**What is needed**
List each line of the data that holds the word "PLANE".
++++++
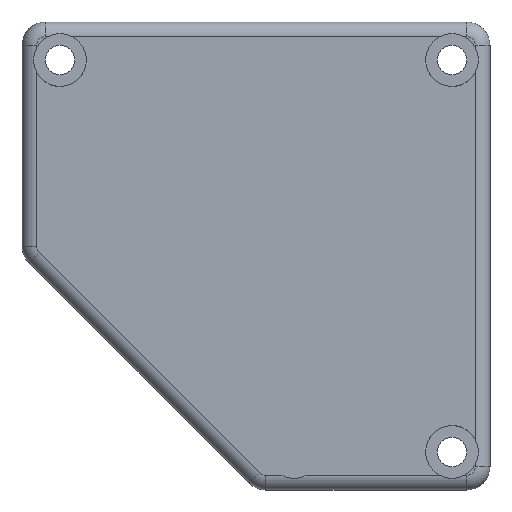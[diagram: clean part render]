
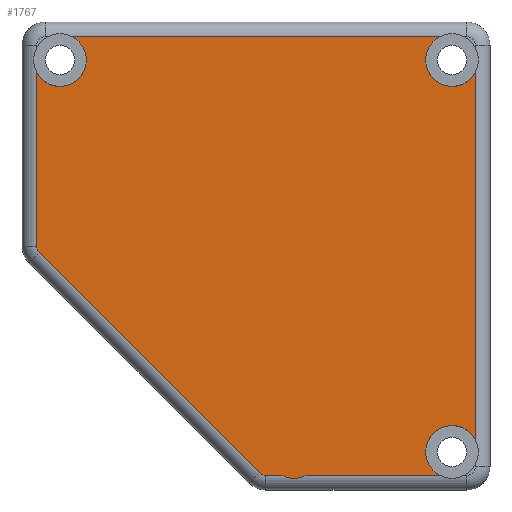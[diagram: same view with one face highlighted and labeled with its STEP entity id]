
A CAD part, front view. The second image highlights one B-rep face of the part: STEP entity #1767.
In plain terms, the highlighted planar face has unit normal (0, -1, 0).
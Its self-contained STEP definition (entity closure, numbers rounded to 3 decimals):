
#60 = CARTESIAN_POINT ( 'NONE',  ( 33.5, -4., 29. ) ) ;
#164 = ORIENTED_EDGE ( 'NONE', *, *, #3476, .T. ) ;
#238 = EDGE_LOOP ( 'NONE', ( #2128, #3366, #1706, #3209, #3642, #4581, #2440, #1239, #2414, #5330, #5386, #2951, #430, #164, #5148 ) ) ;
#266 = CARTESIAN_POINT ( 'NONE',  ( 33.5, -4., -33.5 ) ) ;
#291 = CARTESIAN_POINT ( 'NONE',  ( 0.596, -4., -37.061 ) ) ;
#298 = CARTESIAN_POINT ( 'NONE',  ( 37.5, -4., 31.438 ) ) ;
#305 = EDGE_CURVE ( 'NONE', #4340, #2616, #2366, .T. ) ;
#350 = VECTOR ( 'NONE', #4415, 1000. ) ;
#407 = CIRCLE ( 'NONE', #3978, 4.5 ) ;
#421 = EDGE_CURVE ( 'NONE', #5289, #3829, #4090, .T. ) ;
#430 = ORIENTED_EDGE ( 'NONE', *, *, #1771, .F. ) ;
#463 = CIRCLE ( 'NONE', #3620, 4.5 ) ;
#604 = CARTESIAN_POINT ( 'NONE',  ( 31.438, -4., -37.5 ) ) ;
#625 = VECTOR ( 'NONE', #1016, 1000. ) ;
#693 = DIRECTION ( 'NONE',  ( 0., 0., -1. ) ) ;
#730 = DIRECTION ( 'NONE',  ( 0., -1., 0. ) ) ;
#756 = CIRCLE ( 'NONE', #3444, 4.5 ) ;
#870 = VERTEX_POINT ( 'NONE', #4020 ) ;
#904 = VERTEX_POINT ( 'NONE', #5275 ) ;
#915 = AXIS2_PLACEMENT_3D ( 'NONE', #1051, #4003, #1470 ) ;
#950 = CARTESIAN_POINT ( 'NONE',  ( -37.5, -4., 31.438 ) ) ;
#996 = VERTEX_POINT ( 'NONE', #3016 ) ;
#1016 = DIRECTION ( 'NONE',  ( -1., 0., 0. ) ) ;
#1051 = CARTESIAN_POINT ( 'NONE',  ( -33.5, -4., 33.5 ) ) ;
#1092 = VECTOR ( 'NONE', #4921, 1000. ) ;
#1107 = AXIS2_PLACEMENT_3D ( 'NONE', #2294, #5227, #2728 ) ;
#1146 = DIRECTION ( 'NONE',  ( 0., -1., 0. ) ) ;
#1177 = AXIS2_PLACEMENT_3D ( 'NONE', #1913, #4858, #2339 ) ;
#1200 = CARTESIAN_POINT ( 'NONE',  ( -33.5, -4., 29. ) ) ;
#1235 = VECTOR ( 'NONE', #2087, 1000. ) ;
#1239 = ORIENTED_EDGE ( 'NONE', *, *, #3768, .T. ) ;
#1271 = CARTESIAN_POINT ( 'NONE',  ( 6.5, -4., -33.5 ) ) ;
#1282 = LINE ( 'NONE', #2098, #3792 ) ;
#1314 = EDGE_CURVE ( 'NONE', #1909, #2000, #3901, .T. ) ;
#1370 = CIRCLE ( 'NONE', #1107, 1.5 ) ;
#1470 = DIRECTION ( 'NONE',  ( 0., 0., -1. ) ) ;
#1686 = DIRECTION ( 'NONE',  ( 0., 0., -1. ) ) ;
#1688 = DIRECTION ( 'NONE',  ( 0., 0., -1. ) ) ;
#1696 = CARTESIAN_POINT ( 'NONE',  ( -31.438, -4., 37.5 ) ) ;
#1706 = ORIENTED_EDGE ( 'NONE', *, *, #3042, .T. ) ;
#1745 = DIRECTION ( 'NONE',  ( 0., -1., 0. ) ) ;
#1767 = ADVANCED_FACE ( 'NONE', ( #4963 ), #5072, .T. ) ;
#1769 = VERTEX_POINT ( 'NONE', #3017 ) ;
#1771 = EDGE_CURVE ( 'NONE', #870, #1909, #463, .T. ) ;
#1857 = CARTESIAN_POINT ( 'NONE',  ( -18.232, -4., -18.232 ) ) ;
#1902 = AXIS2_PLACEMENT_3D ( 'NONE', #1954, #4894, #2378 ) ;
#1909 = VERTEX_POINT ( 'NONE', #60 ) ;
#1913 = CARTESIAN_POINT ( 'NONE',  ( 33.5, -4., 33.5 ) ) ;
#1942 = VERTEX_POINT ( 'NONE', #950 ) ;
#1954 = CARTESIAN_POINT ( 'NONE',  ( -36., -4., 1.657 ) ) ;
#1982 = CARTESIAN_POINT ( 'NONE',  ( 37.5, -4., -40. ) ) ;
#2000 = VERTEX_POINT ( 'NONE', #298 ) ;
#2087 = DIRECTION ( 'NONE',  ( 1., 0., 0. ) ) ;
#2098 = CARTESIAN_POINT ( 'NONE',  ( -40., -4., -37.5 ) ) ;
#2128 = ORIENTED_EDGE ( 'NONE', *, *, #3096, .F. ) ;
#2158 = CARTESIAN_POINT ( 'NONE',  ( -40., -4., -40. ) ) ;
#2169 = CARTESIAN_POINT ( 'NONE',  ( 4.438, -4., -37.5 ) ) ;
#2177 = EDGE_CURVE ( 'NONE', #2616, #904, #756, .T. ) ;
#2179 = AXIS2_PLACEMENT_3D ( 'NONE', #266, #3238, #693 ) ;
#2294 = CARTESIAN_POINT ( 'NONE',  ( 1.657, -4., -36. ) ) ;
#2296 = CIRCLE ( 'NONE', #3606, 4.5 ) ;
#2339 = DIRECTION ( 'NONE',  ( 0., 0., -1. ) ) ;
#2366 = LINE ( 'NONE', #5331, #1235 ) ;
#2378 = DIRECTION ( 'NONE',  ( 0., 0., -1. ) ) ;
#2414 = ORIENTED_EDGE ( 'NONE', *, *, #5363, .F. ) ;
#2440 = ORIENTED_EDGE ( 'NONE', *, *, #2177, .T. ) ;
#2519 = DIRECTION ( 'NONE',  ( 1., 0., 0. ) ) ;
#2556 = CIRCLE ( 'NONE', #1902, 1.5 ) ;
#2589 = DIRECTION ( 'NONE',  ( 0., 0., -1. ) ) ;
#2608 = LINE ( 'NONE', #1857, #350 ) ;
#2616 = VERTEX_POINT ( 'NONE', #2169 ) ;
#2728 = DIRECTION ( 'NONE',  ( 0., 0., -1. ) ) ;
#2951 = ORIENTED_EDGE ( 'NONE', *, *, #1314, .F. ) ;
#2959 = CARTESIAN_POINT ( 'NONE',  ( -37.5, -4., -40. ) ) ;
#3016 = CARTESIAN_POINT ( 'NONE',  ( -37.5, -4., 1.657 ) ) ;
#3017 = CARTESIAN_POINT ( 'NONE',  ( 37.5, -4., -31.438 ) ) ;
#3040 = VERTEX_POINT ( 'NONE', #3217 ) ;
#3042 = EDGE_CURVE ( 'NONE', #996, #3495, #2556, .T. ) ;
#3053 = EDGE_CURVE ( 'NONE', #1769, #3040, #3406, .T. ) ;
#3096 = EDGE_CURVE ( 'NONE', #1942, #5289, #2296, .T. ) ;
#3154 = EDGE_CURVE ( 'NONE', #1942, #996, #5102, .T. ) ;
#3209 = ORIENTED_EDGE ( 'NONE', *, *, #3496, .T. ) ;
#3217 = CARTESIAN_POINT ( 'NONE',  ( 33.5, -4., -29. ) ) ;
#3238 = DIRECTION ( 'NONE',  ( 0., -1., 0. ) ) ;
#3267 = CARTESIAN_POINT ( 'NONE',  ( -33.5, -4., 33.5 ) ) ;
#3329 = LINE ( 'NONE', #1982, #1092 ) ;
#3366 = ORIENTED_EDGE ( 'NONE', *, *, #3154, .T. ) ;
#3406 = CIRCLE ( 'NONE', #2179, 4.5 ) ;
#3444 = AXIS2_PLACEMENT_3D ( 'NONE', #1271, #4223, #1688 ) ;
#3476 = EDGE_CURVE ( 'NONE', #870, #3829, #3853, .T. ) ;
#3495 = VERTEX_POINT ( 'NONE', #3572 ) ;
#3496 = EDGE_CURVE ( 'NONE', #3495, #3643, #2608, .T. ) ;
#3572 = CARTESIAN_POINT ( 'NONE',  ( -37.061, -4., 0.596 ) ) ;
#3606 = AXIS2_PLACEMENT_3D ( 'NONE', #3267, #730, #3691 ) ;
#3620 = AXIS2_PLACEMENT_3D ( 'NONE', #4282, #1745, #4689 ) ;
#3642 = ORIENTED_EDGE ( 'NONE', *, *, #4192, .T. ) ;
#3643 = VERTEX_POINT ( 'NONE', #291 ) ;
#3681 = CARTESIAN_POINT ( 'NONE',  ( 33.5, -4., -33.5 ) ) ;
#3691 = DIRECTION ( 'NONE',  ( 0., 0., -1. ) ) ;
#3768 = EDGE_CURVE ( 'NONE', #904, #4217, #1282, .T. ) ;
#3792 = VECTOR ( 'NONE', #2519, 1000. ) ;
#3829 = VERTEX_POINT ( 'NONE', #1696 ) ;
#3853 = LINE ( 'NONE', #3969, #625 ) ;
#3887 = AXIS2_PLACEMENT_3D ( 'NONE', #2158, #5089, #2589 ) ;
#3901 = CIRCLE ( 'NONE', #1177, 4.5 ) ;
#3969 = CARTESIAN_POINT ( 'NONE',  ( -40., -4., 37.5 ) ) ;
#3978 = AXIS2_PLACEMENT_3D ( 'NONE', #3681, #1146, #4108 ) ;
#4003 = DIRECTION ( 'NONE',  ( 0., -1., 0. ) ) ;
#4018 = VECTOR ( 'NONE', #1686, 1000. ) ;
#4020 = CARTESIAN_POINT ( 'NONE',  ( 31.438, -4., 37.5 ) ) ;
#4090 = CIRCLE ( 'NONE', #915, 4.5 ) ;
#4108 = DIRECTION ( 'NONE',  ( 0., 0., -1. ) ) ;
#4192 = EDGE_CURVE ( 'NONE', #3643, #4340, #1370, .T. ) ;
#4217 = VERTEX_POINT ( 'NONE', #604 ) ;
#4223 = DIRECTION ( 'NONE',  ( 0., -1., 0. ) ) ;
#4282 = CARTESIAN_POINT ( 'NONE',  ( 33.5, -4., 33.5 ) ) ;
#4340 = VERTEX_POINT ( 'NONE', #4969 ) ;
#4415 = DIRECTION ( 'NONE',  ( 0.707, 0., -0.707 ) ) ;
#4581 = ORIENTED_EDGE ( 'NONE', *, *, #305, .T. ) ;
#4689 = DIRECTION ( 'NONE',  ( 0., 0., -1. ) ) ;
#4858 = DIRECTION ( 'NONE',  ( 0., -1., 0. ) ) ;
#4894 = DIRECTION ( 'NONE',  ( 0., -1., 0. ) ) ;
#4921 = DIRECTION ( 'NONE',  ( 0., 0., 1. ) ) ;
#4963 = FACE_OUTER_BOUND ( 'NONE', #238, .T. ) ;
#4969 = CARTESIAN_POINT ( 'NONE',  ( 1.657, -4., -37.5 ) ) ;
#5072 = PLANE ( 'NONE',  #3887 ) ;
#5089 = DIRECTION ( 'NONE',  ( 0., -1., 0. ) ) ;
#5102 = LINE ( 'NONE', #2959, #4018 ) ;
#5148 = ORIENTED_EDGE ( 'NONE', *, *, #421, .F. ) ;
#5190 = EDGE_CURVE ( 'NONE', #1769, #2000, #3329, .T. ) ;
#5227 = DIRECTION ( 'NONE',  ( 0., -1., 0. ) ) ;
#5275 = CARTESIAN_POINT ( 'NONE',  ( 8.562, -4., -37.5 ) ) ;
#5289 = VERTEX_POINT ( 'NONE', #1200 ) ;
#5330 = ORIENTED_EDGE ( 'NONE', *, *, #3053, .F. ) ;
#5331 = CARTESIAN_POINT ( 'NONE',  ( -40., -4., -37.5 ) ) ;
#5363 = EDGE_CURVE ( 'NONE', #3040, #4217, #407, .T. ) ;
#5386 = ORIENTED_EDGE ( 'NONE', *, *, #5190, .T. ) ;
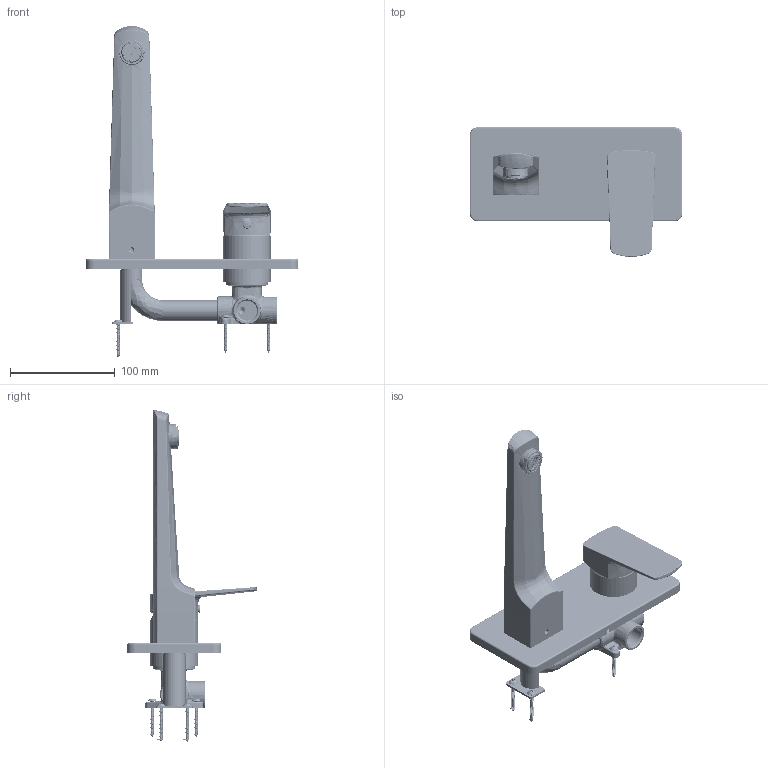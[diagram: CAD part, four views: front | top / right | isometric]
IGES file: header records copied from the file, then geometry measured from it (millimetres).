
Start section: SolidWorks IGES file using analytic representation for surfaces
Global section: file name: Wall mounted Basin Mixer.IGS; native system: SolidWorks 2013; preprocessor: SolidWorks 2013; author: augusto; date: 221108.085955; units: millimetre
Bounding box: 203 x 123.89 x 316.87 mm (x, y, z)
Surface area: 227353.9 mm2 (no closed solid volume)
Topology: 0 solids, 0 shells, 9585 faces, 71441 edges, 71287 vertices
Faces by surface type: bspline 7964, revolution 1621
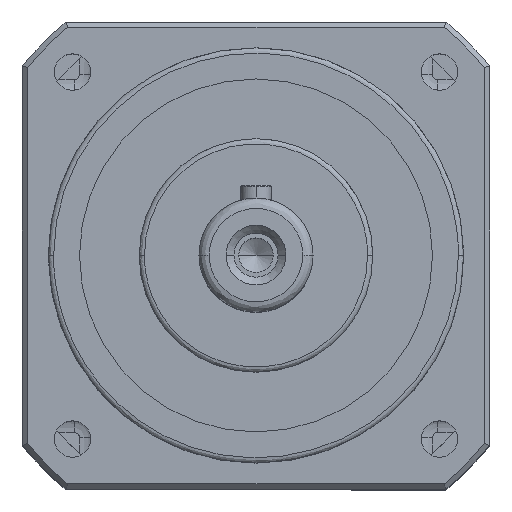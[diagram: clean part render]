
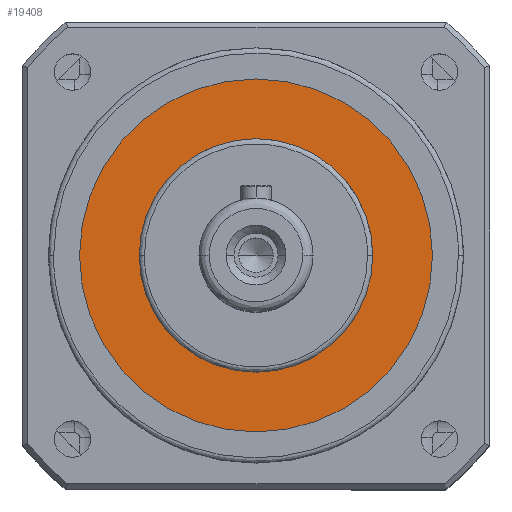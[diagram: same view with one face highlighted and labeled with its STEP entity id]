
A CAD part, top view. The second image highlights one B-rep face of the part: STEP entity #19408.
In plain terms, the highlighted planar face has unit normal (0, 0, 1).
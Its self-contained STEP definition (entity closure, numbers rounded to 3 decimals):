
#709 = AXIS2_PLACEMENT_3D ( 'NONE', #11396, #2543, #12929 ) ;
#752 = CARTESIAN_POINT ( 'NONE',  ( 22.5, 0., 109.49 ) ) ;
#1589 = CARTESIAN_POINT ( 'NONE',  ( 34., 0., 109.49 ) ) ;
#2158 = FACE_OUTER_BOUND ( 'NONE', #13310, .T. ) ;
#2276 = DIRECTION ( 'NONE',  ( 0., 0., -1. ) ) ;
#2543 = DIRECTION ( 'NONE',  ( 0., 0., -1. ) ) ;
#2889 = ORIENTED_EDGE ( 'NONE', *, *, #13662, .T. ) ;
#3035 = CARTESIAN_POINT ( 'NONE',  ( 0., 0., 109.49 ) ) ;
#3362 = AXIS2_PLACEMENT_3D ( 'NONE', #11154, #2276, #12648 ) ;
#3725 = CARTESIAN_POINT ( 'NONE',  ( 0., 0., 109.49 ) ) ;
#3830 = ORIENTED_EDGE ( 'NONE', *, *, #13741, .T. ) ;
#3886 = ORIENTED_EDGE ( 'NONE', *, *, #11697, .T. ) ;
#4358 = VERTEX_POINT ( 'NONE', #1589 ) ;
#4485 = DIRECTION ( 'NONE',  ( -1., 0., 0. ) ) ;
#4875 = AXIS2_PLACEMENT_3D ( 'NONE', #3725, #14168, #5176 ) ;
#4906 = AXIS2_PLACEMENT_3D ( 'NONE', #17552, #8510, #19122 ) ;
#4986 = CARTESIAN_POINT ( 'NONE',  ( -22.5, 0., 109.49 ) ) ;
#5176 = DIRECTION ( 'NONE',  ( -1., 0., 0. ) ) ;
#5536 = CIRCLE ( 'NONE', #709, 22.5 ) ;
#5809 = VERTEX_POINT ( 'NONE', #8321 ) ;
#6074 = FACE_BOUND ( 'NONE', #11207, .T. ) ;
#6866 = PLANE ( 'NONE',  #4906 ) ;
#7583 = VERTEX_POINT ( 'NONE', #752 ) ;
#8093 = VERTEX_POINT ( 'NONE', #4986 ) ;
#8321 = CARTESIAN_POINT ( 'NONE',  ( -34., 0., 109.49 ) ) ;
#8510 = DIRECTION ( 'NONE',  ( 0., 0., 1. ) ) ;
#10608 = CIRCLE ( 'NONE', #15719, 34. ) ;
#11154 = CARTESIAN_POINT ( 'NONE',  ( 0., 0., 109.49 ) ) ;
#11207 = EDGE_LOOP ( 'NONE', ( #3830, #2889 ) ) ;
#11396 = CARTESIAN_POINT ( 'NONE',  ( 0., 0., 109.49 ) ) ;
#11697 = EDGE_CURVE ( 'NONE', #4358, #5809, #10608, .T. ) ;
#11957 = CIRCLE ( 'NONE', #4875, 34. ) ;
#12648 = DIRECTION ( 'NONE',  ( -1., 0., 0. ) ) ;
#12929 = DIRECTION ( 'NONE',  ( -1., 0., 0. ) ) ;
#13310 = EDGE_LOOP ( 'NONE', ( #16089, #3886 ) ) ;
#13456 = DIRECTION ( 'NONE',  ( 0., 0., 1. ) ) ;
#13662 = EDGE_CURVE ( 'NONE', #7583, #8093, #17310, .T. ) ;
#13741 = EDGE_CURVE ( 'NONE', #8093, #7583, #5536, .T. ) ;
#14168 = DIRECTION ( 'NONE',  ( 0., 0., 1. ) ) ;
#14959 = EDGE_CURVE ( 'NONE', #5809, #4358, #11957, .T. ) ;
#15719 = AXIS2_PLACEMENT_3D ( 'NONE', #3035, #13456, #4485 ) ;
#16089 = ORIENTED_EDGE ( 'NONE', *, *, #14959, .T. ) ;
#17310 = CIRCLE ( 'NONE', #3362, 22.5 ) ;
#17552 = CARTESIAN_POINT ( 'NONE',  ( 0., 0., 109.49 ) ) ;
#19122 = DIRECTION ( 'NONE',  ( 1., 0., 0. ) ) ;
#19408 = ADVANCED_FACE ( 'NONE', ( #2158, #6074 ), #6866, .T. ) ;
++++++
**Answer below**
#5072 = PLANE ( 'NONE',  #3887 ) ;
#6866 = PLANE ( 'NONE',  #4906 ) ;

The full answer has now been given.